The Madragoa Pottery belonged to a large group of small manufacturing units that formed the industrial ceramics nucleus of the Lisbon parishes of Santos-o-Velho and Santa Catarina.
One of the most important of Lisbon, the pottery was located next to the Nossa Senhora da Soledade Convent, better known as the Trinas do Mocambo, and it is possible to identify it in the tile panel of the Panoramic View of Lisbon from the Museu Nacional do Azulejo.
The production of tiles in the Madragoa Pottery went through three generations, beginning with the master potter Bernardo Francisco (1677-1743), followed by his son Francisco de Sales (1707-1763), and by his grandson, the tile painter Veríssimo Xavier de Sales (1736-act.1772).

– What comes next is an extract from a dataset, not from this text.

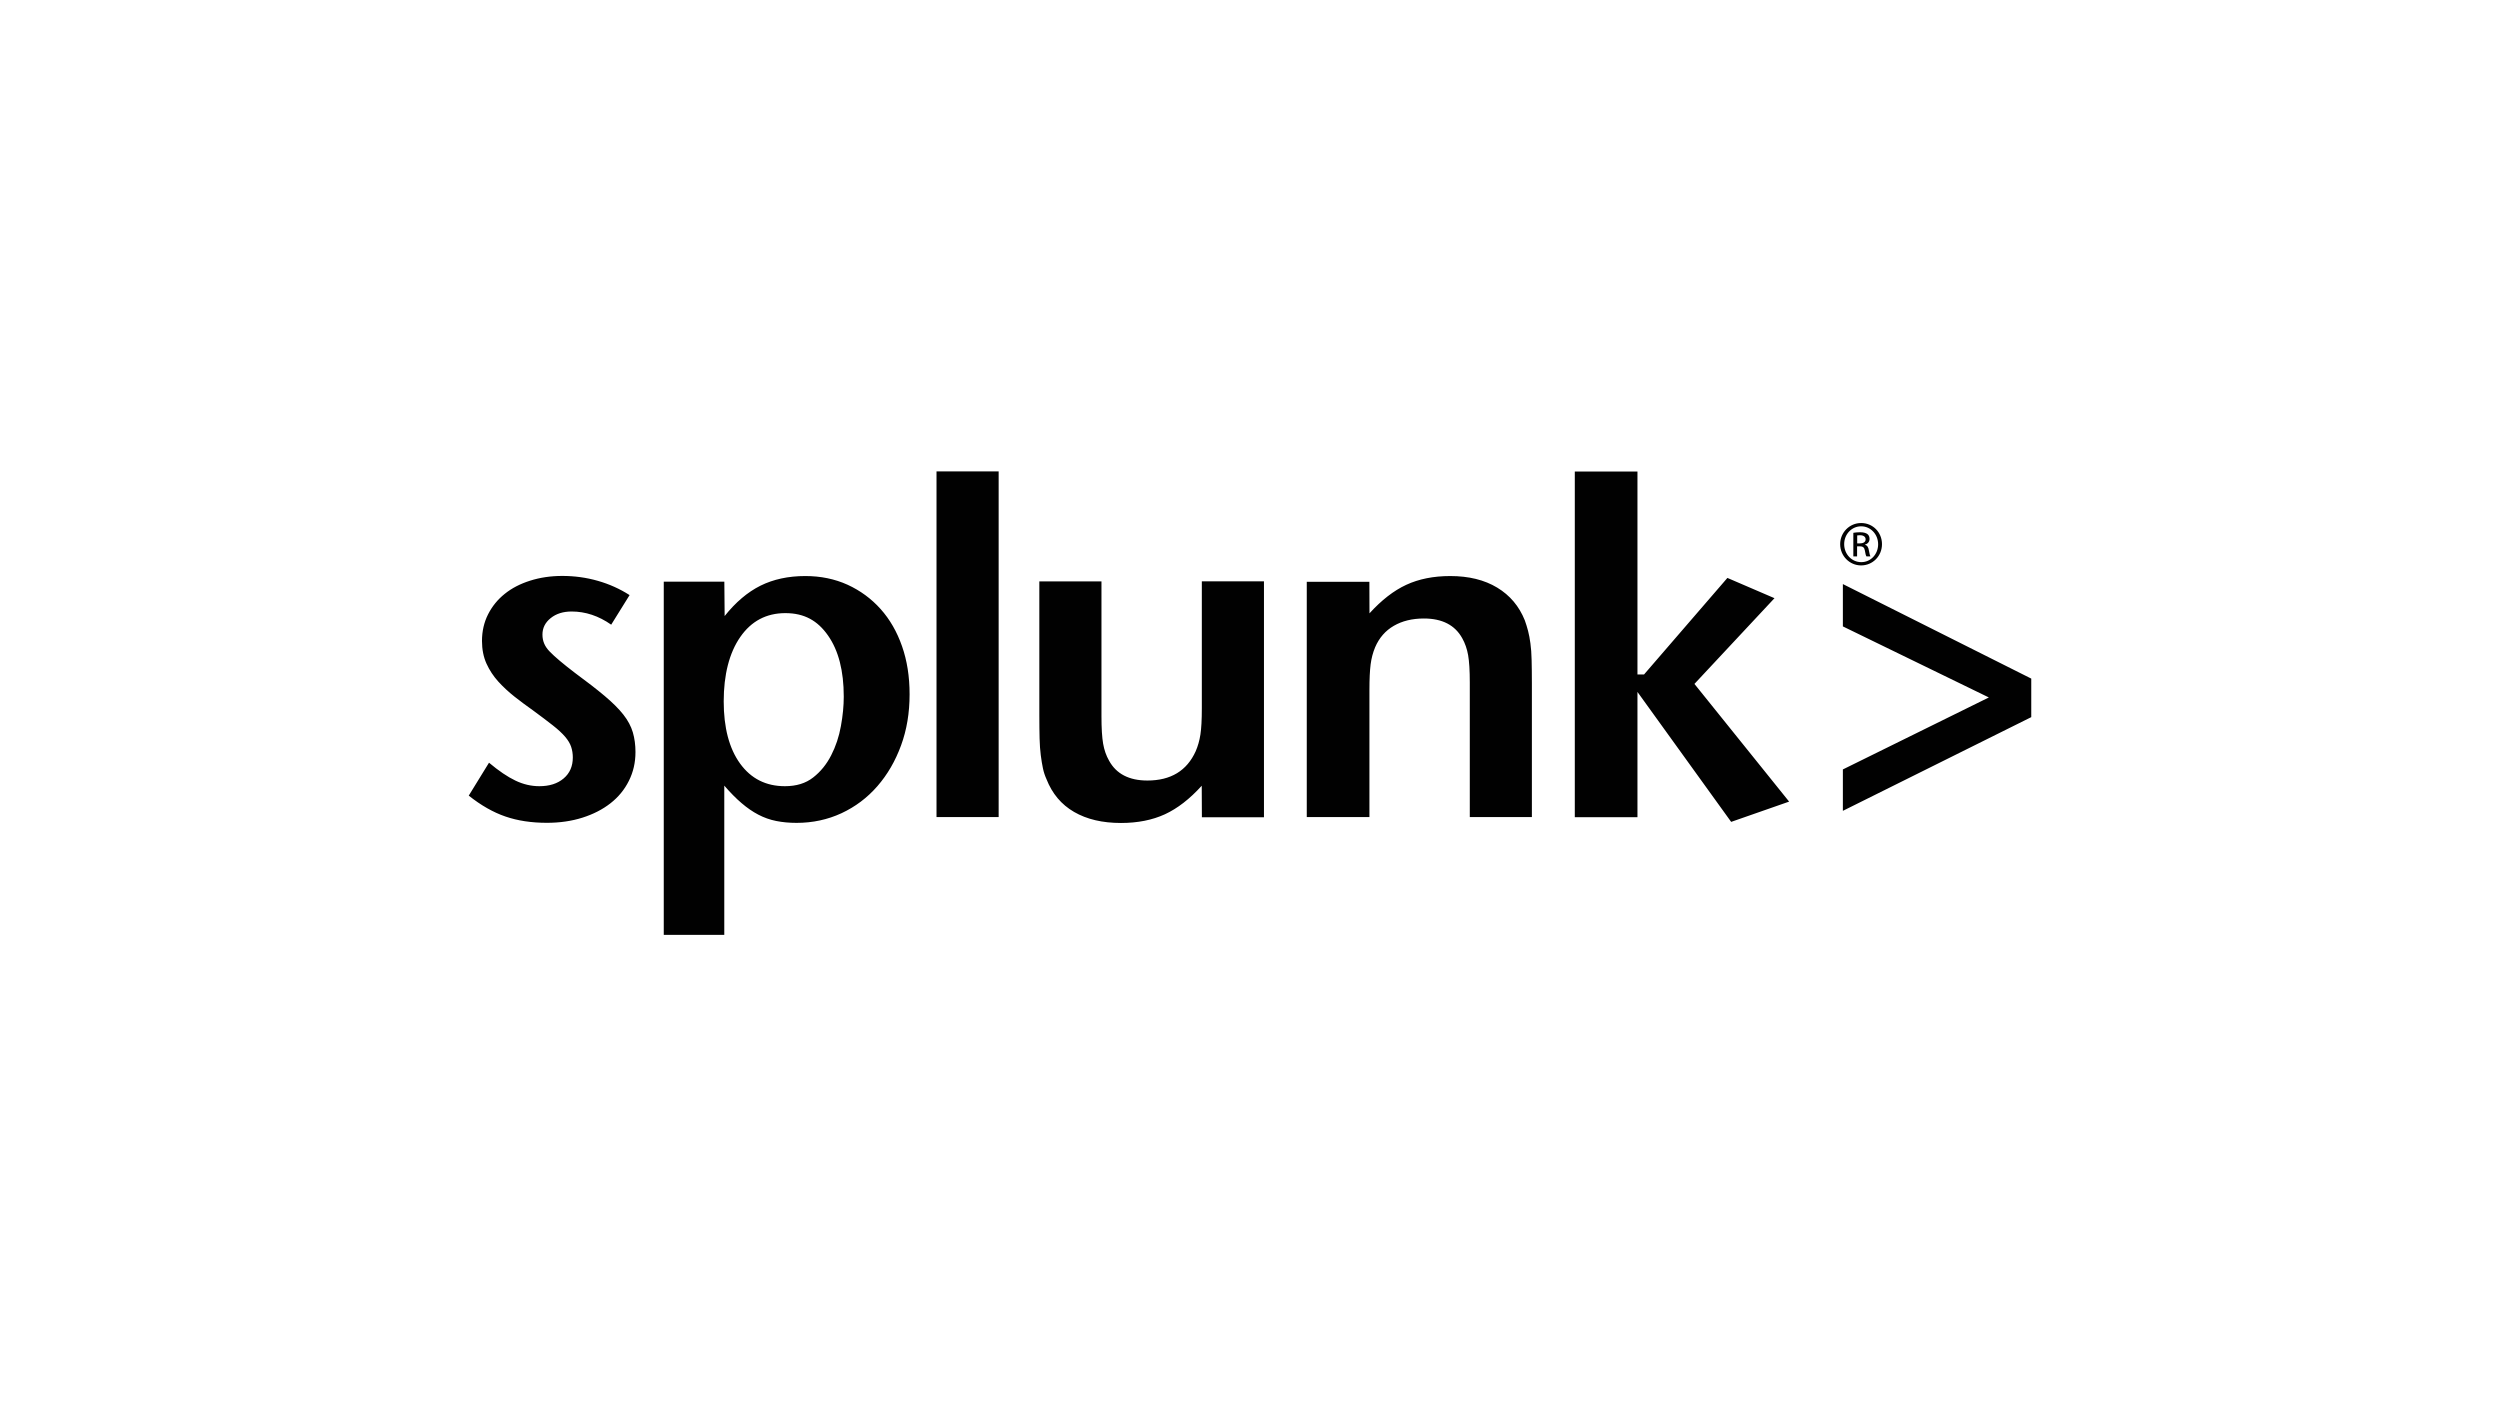 <?xml version="1.0" encoding="UTF-8"?><svg id="Color" xmlns="http://www.w3.org/2000/svg" viewBox="0 0 480 270"><defs><style>.cls-1{fill:#010101;}</style></defs><path class="cls-1" d="m122.01,144.41c0,1.99-.42,3.83-1.27,5.52-.84,1.69-2.02,3.12-3.53,4.3s-3.3,2.1-5.38,2.76-4.36.99-6.83.99c-2.96,0-5.61-.4-7.96-1.21-2.34-.8-4.69-2.14-7.04-4.01l3.89-6.32c1.87,1.57,3.55,2.71,5.06,3.43,1.5.72,3.04,1.08,4.61,1.08,1.93,0,3.48-.49,4.66-1.49s1.76-2.34,1.76-4.03c0-.72-.11-1.41-.32-2.04s-.6-1.28-1.17-1.95c-.57-.66-1.35-1.39-2.35-2.17-.99-.78-2.27-1.75-3.84-2.9-1.2-.85-2.38-1.72-3.52-2.62-1.15-.91-2.18-1.87-3.12-2.9-.93-1.03-1.68-2.17-2.26-3.44-.57-1.27-.86-2.72-.86-4.34,0-1.87.39-3.58,1.17-5.12.78-1.54,1.85-2.85,3.2-3.93,1.35-1.09,2.97-1.93,4.87-2.53,1.89-.6,3.95-.91,6.18-.91,2.35,0,4.62.31,6.82.94,2.2.63,4.23,1.54,6.1,2.74l-3.53,5.68c-2.41-1.69-4.94-2.53-7.6-2.53-1.62,0-2.97.42-4.02,1.27-1.06.85-1.58,1.9-1.58,3.17s.46,2.3,1.4,3.26c.93.97,2.53,2.32,4.82,4.07,2.3,1.69,4.21,3.17,5.72,4.44,1.51,1.27,2.71,2.46,3.59,3.58.88,1.12,1.48,2.25,1.82,3.4.34,1.16.51,2.42.51,3.81m39.99-10.65c0,1.75-.18,3.64-.55,5.66-.36,2.02-.99,3.9-1.87,5.61-.88,1.72-2.03,3.14-3.46,4.25-1.43,1.12-3.23,1.67-5.42,1.67-3.64,0-6.51-1.45-8.61-4.35-2.09-2.9-3.14-6.88-3.14-11.95s1.06-9.31,3.19-12.36c2.12-3.05,5.01-4.57,8.65-4.57s6.19,1.44,8.19,4.3c2.02,2.88,3.02,6.79,3.02,11.74m12.64-.46c0-3.38-.48-6.45-1.45-9.22-.97-2.78-2.34-5.16-4.12-7.15-1.78-1.99-3.9-3.54-6.34-4.66-2.45-1.11-5.15-1.67-8.11-1.67-3.26,0-6.13.62-8.61,1.85-2.48,1.24-4.77,3.18-6.88,5.83l-.06-6.6h-11.63v67.82h11.62v-28.66c1.15,1.33,2.25,2.45,3.31,3.35,1.06.91,2.13,1.65,3.22,2.22s2.24.98,3.45,1.22,2.51.36,3.9.36c3.08,0,5.96-.62,8.62-1.85,2.66-1.24,4.96-2.97,6.9-5.2s3.45-4.84,4.54-7.82c1.1-2.99,1.64-6.26,1.64-9.82m5.17,23.58h11.93v-66.37h-11.93v66.37Zm62.87.02v-45.28h-11.93v24.37c0,2.17-.09,3.85-.27,5.03-.18,1.18-.49,2.25-.91,3.22-1.69,3.74-4.78,5.62-9.27,5.62-3.51,0-5.97-1.27-7.36-3.81-.55-.96-.93-2.05-1.14-3.26s-.32-2.96-.32-5.26v-25.9h-11.93v25.73c0,1.75.02,3.23.05,4.44.03,1.21.11,2.28.23,3.22.12.94.26,1.77.41,2.49s.38,1.42.68,2.08c1.09,2.78,2.85,4.88,5.3,6.3,2.45,1.42,5.45,2.12,9.01,2.12,3.2,0,6.01-.56,8.43-1.67,2.42-1.12,4.77-2.94,7.07-5.48l.03,6.06h11.92v-.02Zm51.44-.02v-25.67c0-1.75-.02-3.24-.05-4.47-.03-1.24-.1-2.3-.23-3.21-.12-.9-.27-1.7-.45-2.39-.18-.69-.39-1.37-.63-2.04-1.09-2.71-2.85-4.8-5.3-6.28-2.45-1.48-5.45-2.22-9.02-2.22-3.2,0-6.01.56-8.43,1.68-2.42,1.12-4.77,2.95-7.07,5.48l-.02-6.06h-12.02v45.18h12.03v-24.4c0-2.11.08-3.75.23-4.92s.44-2.27.87-3.3c.78-1.81,1.98-3.18,3.59-4.11s3.53-1.4,5.77-1.4c3.51,0,5.97,1.27,7.36,3.79.54.96.92,2.05,1.13,3.25s.32,2.95.32,5.24v25.84h11.92Zm49.39-2.97l-18.18-22.6,15.37-16.46-9.04-3.89-16,18.53h-1.27v-38.96h-12.03v66.37h12.03v-24.05l17.99,24.95,11.13-3.89Zm46.49-16.22v-7.4l-36.17-18.15v8.13l28.03,13.64-28.03,13.82v7.95l36.17-17.99Zm-32.67-37.27c-2.22,0-4.02,1.81-4.02,4.06s1.8,4.08,4.02,4.08,4.01-1.79,4.01-4.08-1.77-4.06-3.99-4.06h-.02Zm.02.63c1.8,0,3.25,1.53,3.25,3.45s-1.44,3.45-3.25,3.43c-1.81,0-3.27-1.52-3.27-3.45s1.46-3.43,3.25-3.43h.02Zm-.77,3.84h.5c.58,0,.87.22.97.79.09.6.2,1.01.31,1.15h.76c-.07-.14-.18-.42-.29-1.12-.09-.67-.36-1.03-.76-1.1v-.04c.49-.14.88-.51.88-1.1,0-.43-.15-.74-.42-.94-.27-.2-.72-.34-1.41-.34-.54,0-.9.05-1.28.11v4.53h.72v-1.94h.02Zm0-2.09c.12-.02.29-.04.52-.04.81,0,1.1.4,1.1.79,0,.56-.51.78-1.1.78h-.52v-1.53Z"/></svg>

In the management of these small industrial units, it was practically mandatory that potteries collaborate with others in the large orders for the supply of tiles for palaces and convents. Bernardo Francisco and his successors will focus on cooperating with neighboring Guarda-mor Pottery, directed by his brother-in-law, António Gonçalves (act.1694-1719).
The tile painter Valentim de Almeida, who was the godfather of a daughter of Bernardo Francisco, established a long collaboration with the Madragoa Pottery. The move of the painter’s family to the parish of Santos-o-Velho was the result of the commission that Valentim de Almeida carried out, for the lower cloister of the Oporto Cathedral, with payments made in 1729-1730.
Everything indicates that together with Francisco de Sales, the eldest son and successor of Bernardo Francisco, Valentim de Almeida and his son-in-law Sebastião Gomes Ferreira painted the tiles for the classrooms of the Espírito Santo College of Évora, between 1744 and 1749.
In 1752, Valentim de Almeida, in partnership with his son Sebastião de Almeida, painted the tiles for the Quinta da Piedade da Póvoa de Santa Iria chapel, in Vila Franca de Xira, a singular work with splendorous colors, carried out in collaboration with the master potter Cláudio Gonçalves (1708-1754).
Xavier Veríssimo de Sales, the oldest son of the master potter Francisco de Sales, was also a tile painter, with a production associated with the master tiler António Manuel Godinho, who granted a loan for the pottery in 1771.
In the last phase of this family dynasty, the master potter Joaquim José Henriques, son-in-law of Sales, worked with the master tiler Francisco Jorge da Costa (1749-1829) and the painter Bernardo José de Sousa (1738-act.1790).
ESSENTIAL BIBLIOGRAPHY
MANGUCCI, Celso. “Olarias de louça e azulejo de Santos-o-Velho dos meados do século XVI aos meados do século XVIII ” in Al-madan, n. 5, 1996, pp. 155-168. ISSN 0871-066X.